**YOUR OBJECTIVE**
For the string "Simalungun", state the number of lines in the data that contain it, and nothing else.

Records contained in a dataset
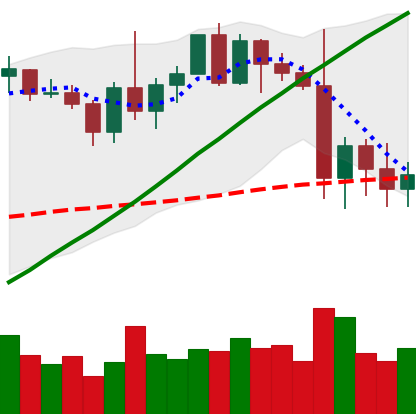
Ticker: XMR-USD
Chart end date: 2021-01-05
Forward return: 35.31%
Label: up_7plus
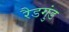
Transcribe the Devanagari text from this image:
रैडगुंड
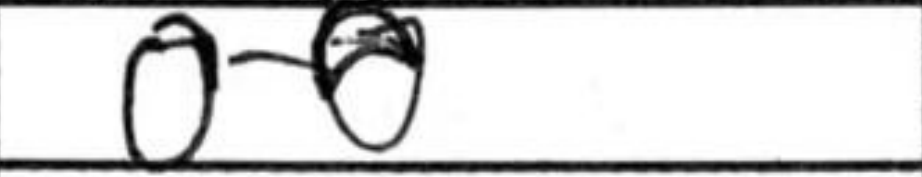
Transcription: O-O
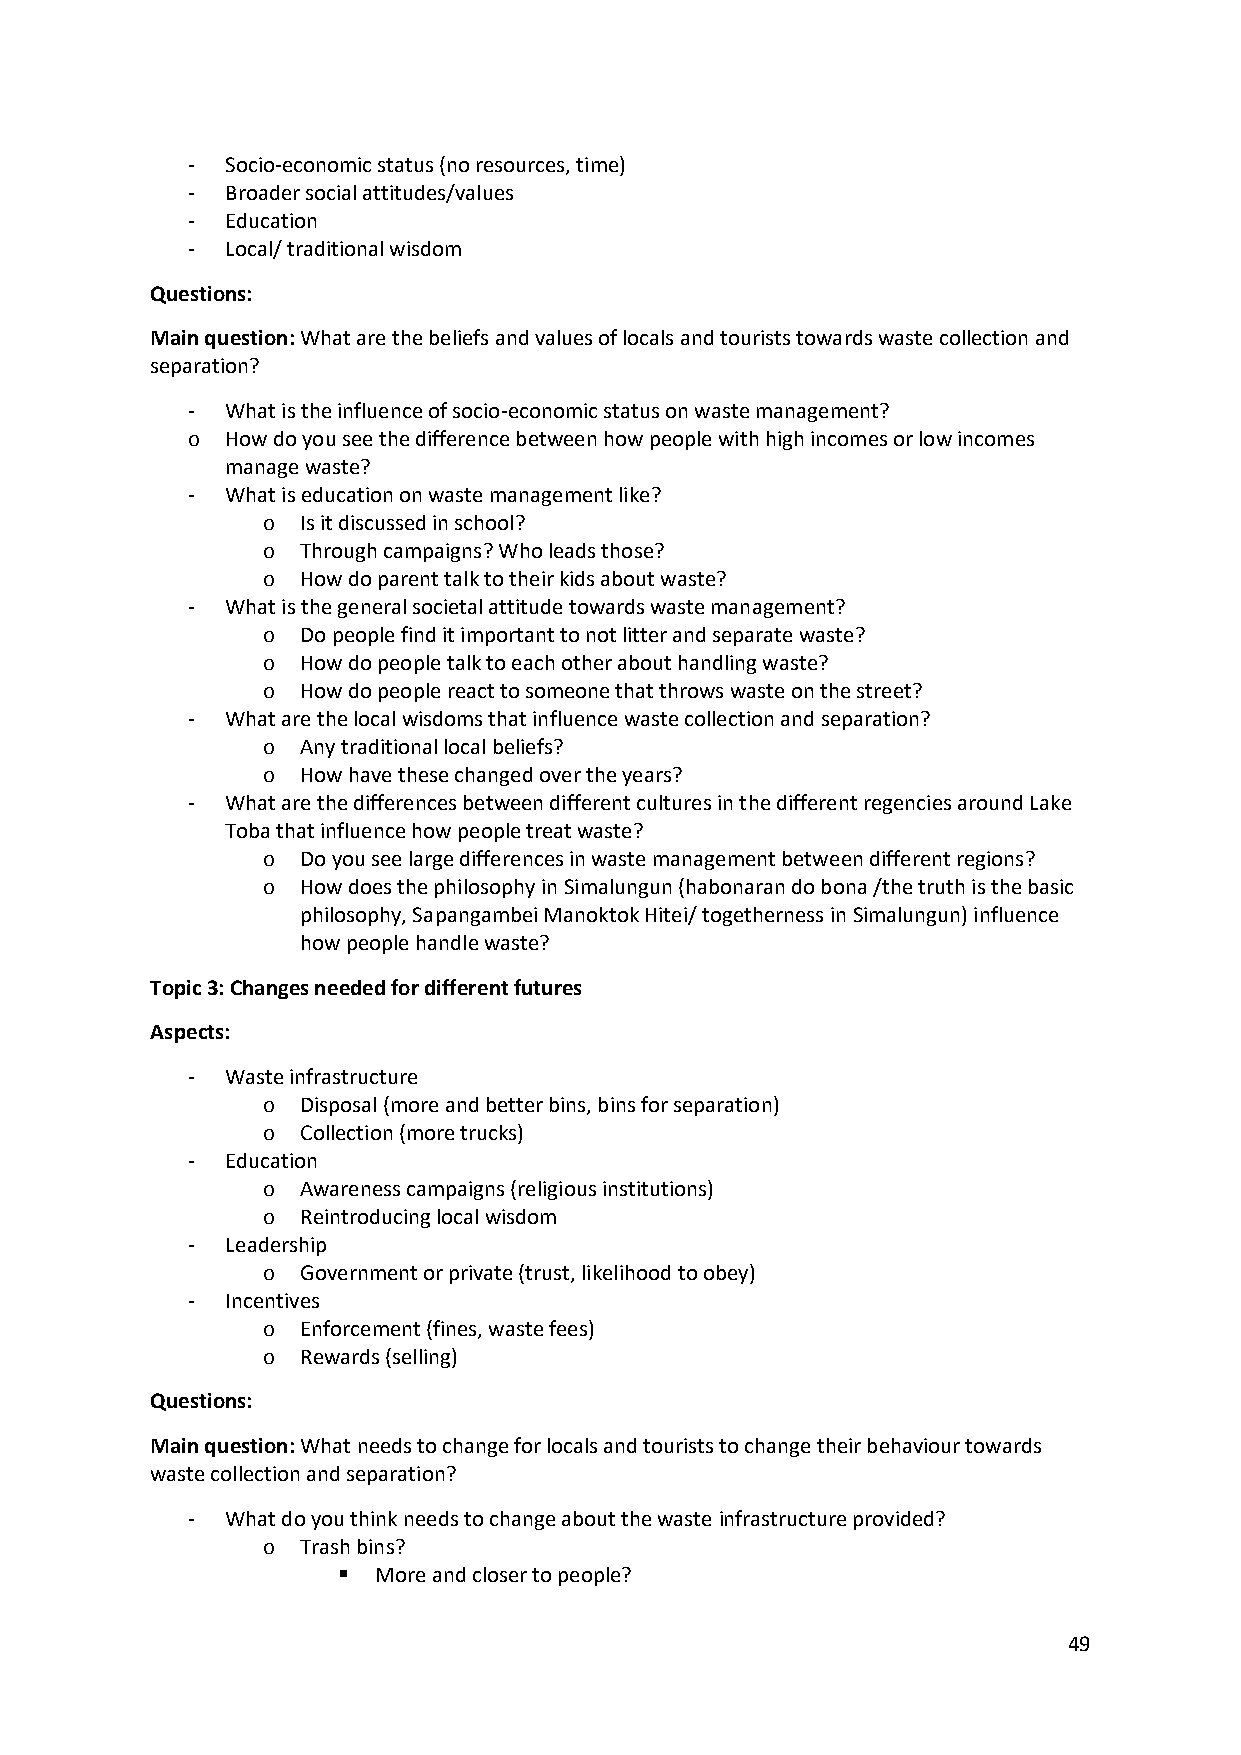
-  Socio-economic status (no resources, time)
 -  Broader social attitudes/values
 -  Education
 -  Local/ traditional wisdom
 Questions:
 Main question: What are the beliefs and values of locals and tourists towards waste collection and
 separation?
 -  What is the influence of socio-economic status on waste management?
 o  How do you see the difference between how people with high incomes or low incomes
 manage waste?
 -  What is education on waste management like?
 o  Is it discussed in school?
 o  Through campaigns? Who leads those?
 o  How do parent talk to their kids about waste?
 -  What is the general societal attitude towards waste management?
 o  Do people find it important to not litter and separate waste?
 o  How do people talk to each other about handling waste?
 o  How do people react to someone that throws waste on the street?
 -  What are the local wisdoms that influence waste collection and separation?
 o  Any traditional local beliefs?
 o  How have these changed over the years?
 -  What are the differences between different cultures in the different regencies around Lake
 Toba that influence how people treat waste?
 o  Do you see large differences in waste management between different regions?
 o  How does the philosophy in Simalungun (habonaran do bona /the truth is the basic
 philosophy, Sapangambei Manoktok Hitei/ togetherness in Simalungun) influence
 how people handle waste?
 Topic 3: Changes needed for different futures
 Aspects:
 -  Waste infrastructure
 o  Disposal (more and better bins, bins for separation)
 o  Collection (more trucks)
 -  Education
 o  Awareness campaigns (religious institutions)
 o  Reintroducing local wisdom
 -  Leadership
 o  Government or private (trust, likelihood to obey)
 -  Incentives
 o  Enforcement (fines, waste fees)
 o  Rewards (selling)
 Questions:
 Main question: What needs to change for locals and tourists to change their behaviour towards
 waste collection and separation?
 -  What do you think needs to change about the waste infrastructure provided?
 o  Trash bins?
 ▪  More and closer to people?
 49
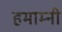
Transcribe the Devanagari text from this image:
हमाम्नी
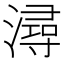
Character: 潯
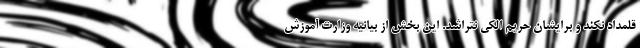
قلمداد نکند و برایشان حریم الکی نتراشد. این بخش از بیانیه وزارت آموزش
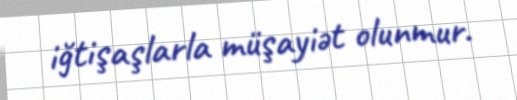
iğtişaşlarla müşayiət olunmur.
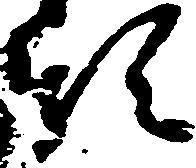
領
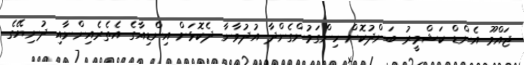
ޖައްމޫ އެންޑް ކަޝްމީރު ބަންދުކޮށް ހިންގަމުންގެންދާ އުދުވާނާ ދެކޮޅަށް އިންޑިއާގެ އެތެރެއިންނާއި ދުނިޔޭގެ
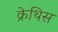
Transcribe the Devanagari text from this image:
क्रेथिस
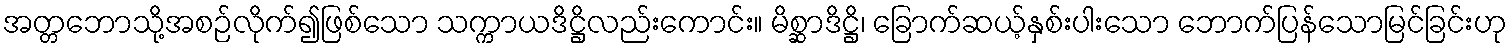
အတ္တဘောသို့အစဉ်လိုက်၍ဖြစ်သော သက္ကာယဒိဋ္ဌိလည်းကောင်း။ မိစ္ဆာဒိဋ္ဌိ၊ ခြောက်ဆယ့်နှစ်းပါးသော ဘောက်ပြန်သောမြင်ခြင်းဟု
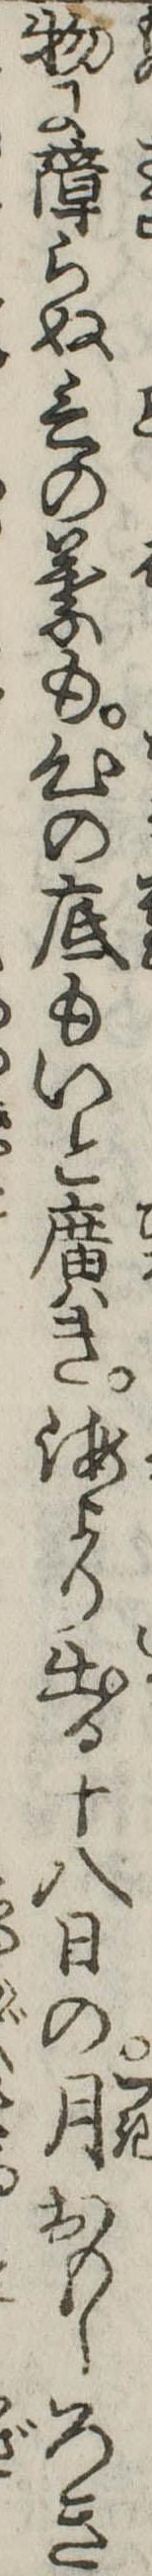
物に障らぬ言の葉も心の底もいと広き海より出る十八日の月おもしろき
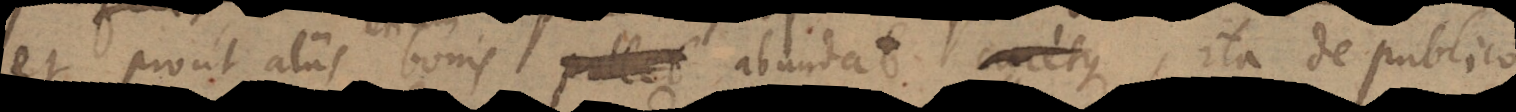
et prout aliis etiam bonis abundat, ita de publico
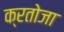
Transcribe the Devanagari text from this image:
क्रतोजा
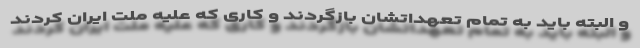
و البته باید به تمام تعهداتشان بازگردند و کاری که علیه ملت ایران کردند
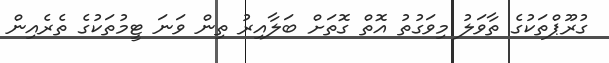
ގުރޫޕްތަކުގެ ތާވަލު މިވަގުތު އޮތް ގޮތަށް ބަލާއިރު ތިން ވަނަ ޓީމުތަކުގެ ތެރެއިން
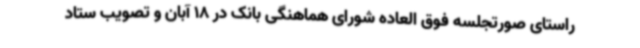
راستای صورتجلسه فوق العاده شورای هماهنگی بانک در 18 آبان و تصویب ستاد
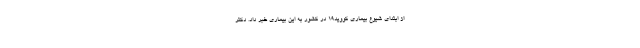
از ابتدای شیوع بیماری کووید19 در کشور به این بیماری خبر داد. دکتر
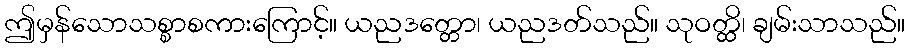
ဤမှန်သောသစ္စာစကားကြောင့်။ ယညဒတ္တော၊ ယညဒတ်သည်။ သုဝတ္ထိ၊ ချမ်းသာသည်။
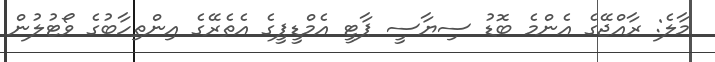
މާލެ: ރާއްޖޭގެ އެންމެ ބޮޑު ސިޔާސީ ޕާޓީ އެމްޑީޕީގެ އެތެރޭގެ އިންތިހާބުގެ ވޯޓުލުން
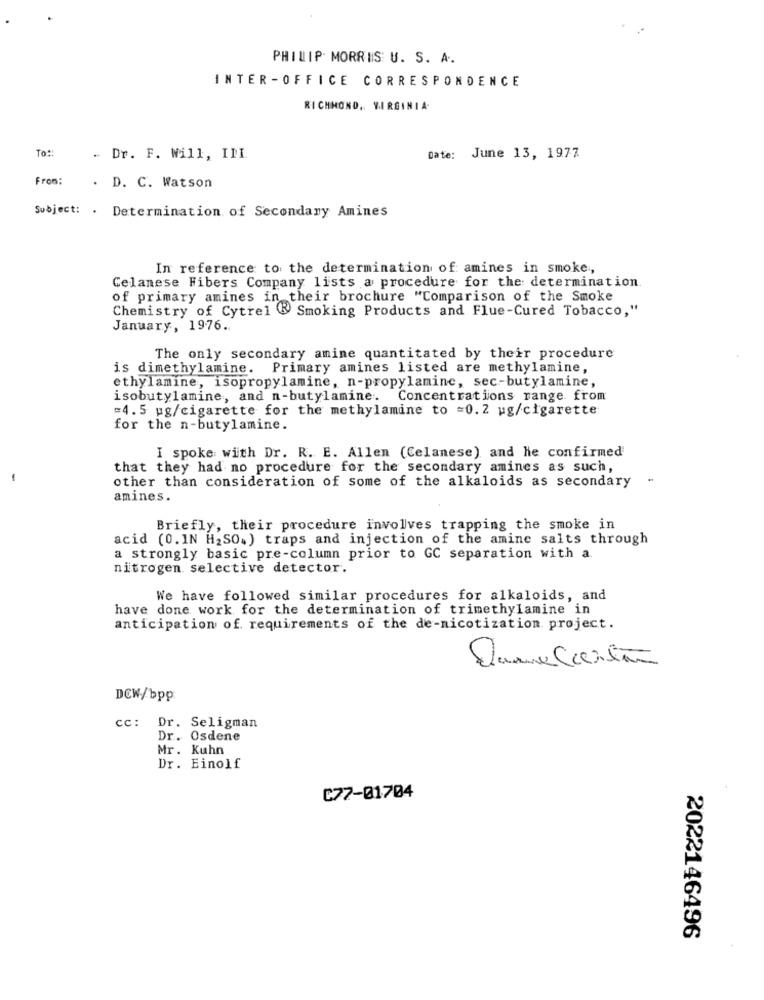
PHILIP MORRIS U. S. A.
INTER - OFFICE CORRESPONDENCE
RICHMOND, VIRGINIA
To ::
. Dr. F. Will, III
Date: June 13, 1977
From :
. D. C. Watson
Subject: . Determination of Secondary Amines
In reference to the determination of amines in smoke,
Celanese Fibers Company lists a procedure for the: determination.
of primary amines in their brochure "Comparison of the Smoke
Chemistry of Cytrei Smoking Products and Flue-Cured Tobacco,"
January, 1976.
The only secondary amine quantitated by their procedure
is dimethylamine. Primary amines listed are methylamine,
ethylamine, isopropylamine, n-propylamine, sec-butylamine,
isobutylamine, and n-butylamine. Concentrations range from
=4.5 ug/cigarette for the methylamine to =0.2 ug/cigarette
for the n-butylamine.
I spoke with Dr. R. E. Allen (Celanese) and he confirmed
that they had no procedure for the secondary amines as such,
other than consideration of some of the alkaloids as secondary
amines.
Briefly, their procedure involves trapping the smoke in
acid (0.IN H2SO.) traps and injection of the amine salts through
a strongly basic pre-column prior to GC separation with a.
nitrogen selective detector.
We have followed similar procedures for alkaloids, and
have done work for the determination of trimethylamine in
anticipation of requirements of the de-nicotization project.
DCW/bpp
cc: Dr. Seligman
Dr. Osdene
Mr. Kuhn
Dr. Einolf
C77-01704
2022146496

**WRITTEN SOLUTION**
2